We have processes doing background writes of big files. We would like those to have minimal impact on other processes.
Here is a test realised on SLES11 SP4. The server has massive memory, which allows it to create 4GB of dirty pages.
> dd if=/dev/zero of=todel bs=1048576 count=4096
4096+0 records in
4096+0 records out
4294967296 bytes (4.3 GB) copied, 3.72657 s, 1.2 GB/s
> dd if=/dev/zero of=zer oflag=sync bs=512 count=1
1+0 records in
1+0 records out
512 bytes (512 B) copied, 16.6997 s, 0.0 kB/s
real 0m16.701s
user 0m0.000s
sys 0m0.000s
> grep Dirty /proc/meminfo
Dirty: 4199704 kB
This is my investigation so far:
- SLES11 SP4 (3.0.101-63)
- type ext3 (rw,nosuid,nodev,noatime)
- deadline scheduler
- over 120GB reclaimable memory at the time
- dirty_ratio is set to 40% and dirty_background_ratio 10%, 30s expire, 5s writeback
Here are my questions:
- having 4GB dirty memory at the end of the test, I conclude that the IO scheduler has not been called in above test. Is that right?

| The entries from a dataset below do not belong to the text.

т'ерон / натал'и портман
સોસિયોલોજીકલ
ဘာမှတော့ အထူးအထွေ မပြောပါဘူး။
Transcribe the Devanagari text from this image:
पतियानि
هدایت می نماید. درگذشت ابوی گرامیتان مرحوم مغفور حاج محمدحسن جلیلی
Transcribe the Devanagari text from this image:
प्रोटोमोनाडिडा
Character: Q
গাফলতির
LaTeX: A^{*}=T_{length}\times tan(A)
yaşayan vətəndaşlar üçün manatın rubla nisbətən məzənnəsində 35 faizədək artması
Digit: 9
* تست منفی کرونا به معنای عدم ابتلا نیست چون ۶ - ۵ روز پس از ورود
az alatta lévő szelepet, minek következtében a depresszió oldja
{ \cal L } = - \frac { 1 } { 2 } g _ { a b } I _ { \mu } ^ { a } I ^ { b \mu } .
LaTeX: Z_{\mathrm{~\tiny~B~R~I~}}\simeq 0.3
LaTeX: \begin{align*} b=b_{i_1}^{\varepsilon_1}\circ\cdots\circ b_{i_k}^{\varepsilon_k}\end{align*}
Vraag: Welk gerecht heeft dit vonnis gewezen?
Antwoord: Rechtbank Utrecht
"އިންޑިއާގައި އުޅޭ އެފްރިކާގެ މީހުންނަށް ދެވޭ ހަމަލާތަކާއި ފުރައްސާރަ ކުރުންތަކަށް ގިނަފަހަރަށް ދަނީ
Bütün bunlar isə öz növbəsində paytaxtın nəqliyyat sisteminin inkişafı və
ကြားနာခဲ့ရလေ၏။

- since the slowness persists after the first dd finishes, I conclude this issue has also nothing to do with the kernel allocating memory or any "copy on write" happening when dd fills his buffer (dd is always writing from the same buf).

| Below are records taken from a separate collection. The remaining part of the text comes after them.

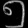
Digit: ၅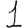
Digit: 1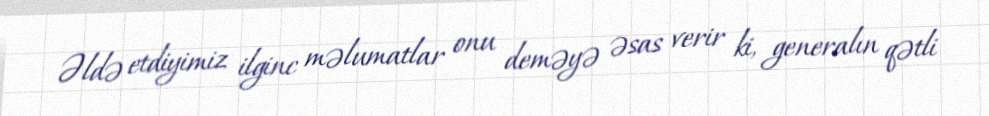
Əldə etdiyimiz ilginc məlumatlar onu deməyə əsas verir ki, generalın qətli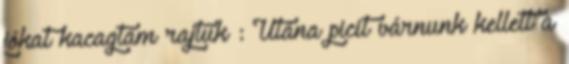
jókat kacagtam rajtuk : Utána picit várnunk kellett a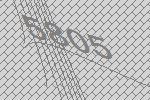
5805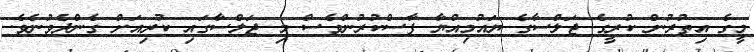
މީގެ އިތުރުން ކުރީގެ ޖަލްސާގެ ޔައުމިއްޔާ ފާސްކުރުންވެސް މި ޖަލްސާގައި ކުރިއަށް ގެންދެވުނެވެ.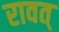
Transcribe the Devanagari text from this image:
रावत्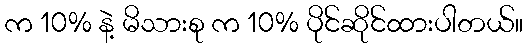
က 10% နဲ့ မိသားစု က 10% ပိုင်ဆိုင်ထားပါတယ်။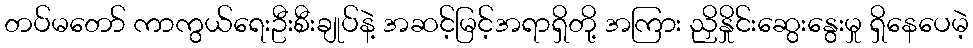
တပ်မတော် ကာကွယ်ရေးဦးစီးချုပ်နဲ့ အဆင့်မြင့်အရာရှိတို့ အကြား ညှိနှိုင်းဆွေးနွေးမှု ရှိနေပေမဲ့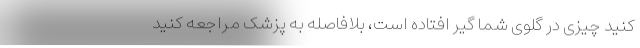
کنید چیزی در گلوی شما گیر افتاده است، بلافاصله به پزشک مراجعه کنید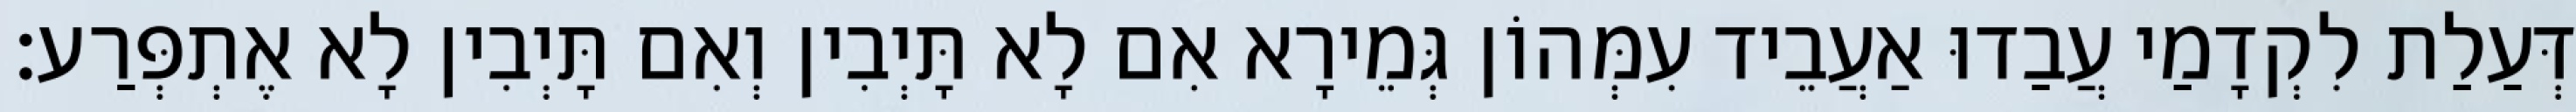
דְּעַלַת לִקְדָמַי עֲבַדוּ אַעֲבֵיד עִמְּהוֹן גְּמֵירָא אִם לָא תָּיְבִין וְאִם תָּיְבִין לָא אֶתְפְּרַע׃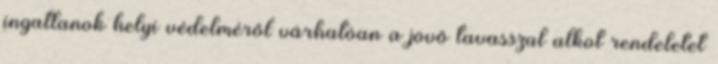
ingatlanok helyi védelméről várhatóan a jövő tavasszal alkot rendeletet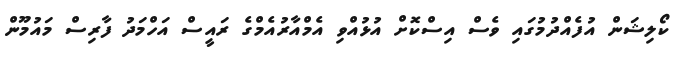
ކޯލިޝަން އުފެއްދުމުގައި ވެސް އިސްކޮށް އުޅުއްވި އެމްއާރުއެމްގެ ރައީސް އަހްމަދު ފާރިސް މައުމޫން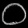
Digit: ၀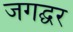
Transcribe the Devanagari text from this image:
जगद्घर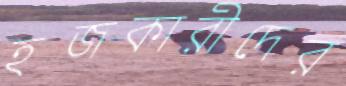
হজকারীদের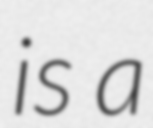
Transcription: is a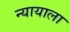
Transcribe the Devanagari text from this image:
न्यायाला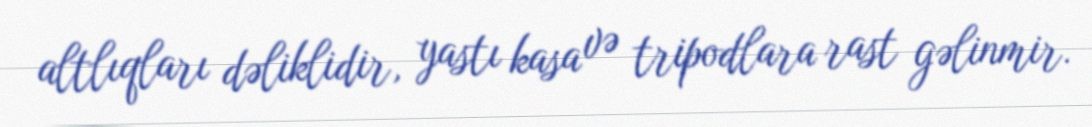
altlıqları dəliklidir, yastı kasa və tripodlara rast gəlinmir.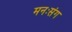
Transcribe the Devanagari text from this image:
मनःसंग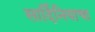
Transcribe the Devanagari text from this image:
सार्दिनियाचा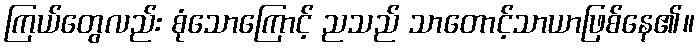
ကြယ်တွေလည်း စုံသောကြောင့် ညသည် သာတောင့်သာယာဖြစ်နေ၏။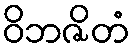
ဝိဘဇိတံ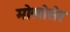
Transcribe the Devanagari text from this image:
मोलोसेर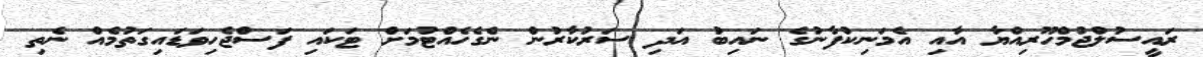
ރައީސުލްޖުމްހޫރިއްޔާ އާއި އެމަނިކުފާނުގެ ނައިބު އަދި ސަރުކާރުން ނެގެހެއްޓުމަށް ޓަކައި ފަސްޖެހިވަޑައިގަތުމެއް ނެތި

- is there a way to investigate deeper what is blocked? Any interesting counters to watch? Any idea on the source of the contention?
- we are thinking of either reducing the dirty_ratio values, either performing the first dd in synchronous mode. Any other directions to investigate? Is there a drawback in putting the first dd synchronous? I'm afraid that it will be prioritized over other "legits" processes doing asynchronous writes.
see also
https://www.novell.com/support/kb/doc.php?id=7010287
limit linux background flush (dirty pages)
http://yarchive.net/comp/linux/dirty_limits.html
EDIT:
there is an ext2 file system under the same device. On this device, there is no freeze at all! The only performance impact experienced occurs during the flushing of dirty pages, where a synchronous call can take up to 0.3s, so very far from what we experience with our ext3 file system.
EDIT2:
Following @Matthew Ife comment, I tried doing the synchronous write opening the file without O_TRUNC and you won't believe the result!
> dd if=/dev/zero of=zer oflag=sync bs=512 count=1
> dd if=/dev/zero of=todel bs=1048576 count=4096
> dd if=/dev/zero of=zer oflag=sync bs=512 count=1 conv=notrunc
1+0 records in
1+0 records out
512 bytes (512 B) copied, 0.000185427 s, 2.8 MB/s
dd was opening the file with parameters:
open("zer", O_WRONLY|O_CREAT|O_TRUNC|O_SYNC, 0666) = 3
changing with the notrunc option, it is now
open("zer", O_WRONLY|O_CREAT|O_SYNC, 0666) = 3
and the synchronous write completes instantly!
Well it is not completely satisfying for my use case (I'm doing an msync in this fashion. However I am now able to trace what write and msync are doing differently!
final EDIT: I can't believe I hit this: https://www.novell.com/support/kb/doc.php?id=7016100
In fact under SLES11 dd is opening the file with
open("zer", O_WRONLY|O_CREAT|O_DSYNC, 0666) = 3
and O_DSYNC == O_SYNC!
Conclusion:
For my usecase I should probably use
dd if=/dev/zero of=zer oflag=dsync bs=512 count=1 conv=notrunc
Under SLES11, running oflag=sync will really be running oflag=dsync no matter what strace is saying.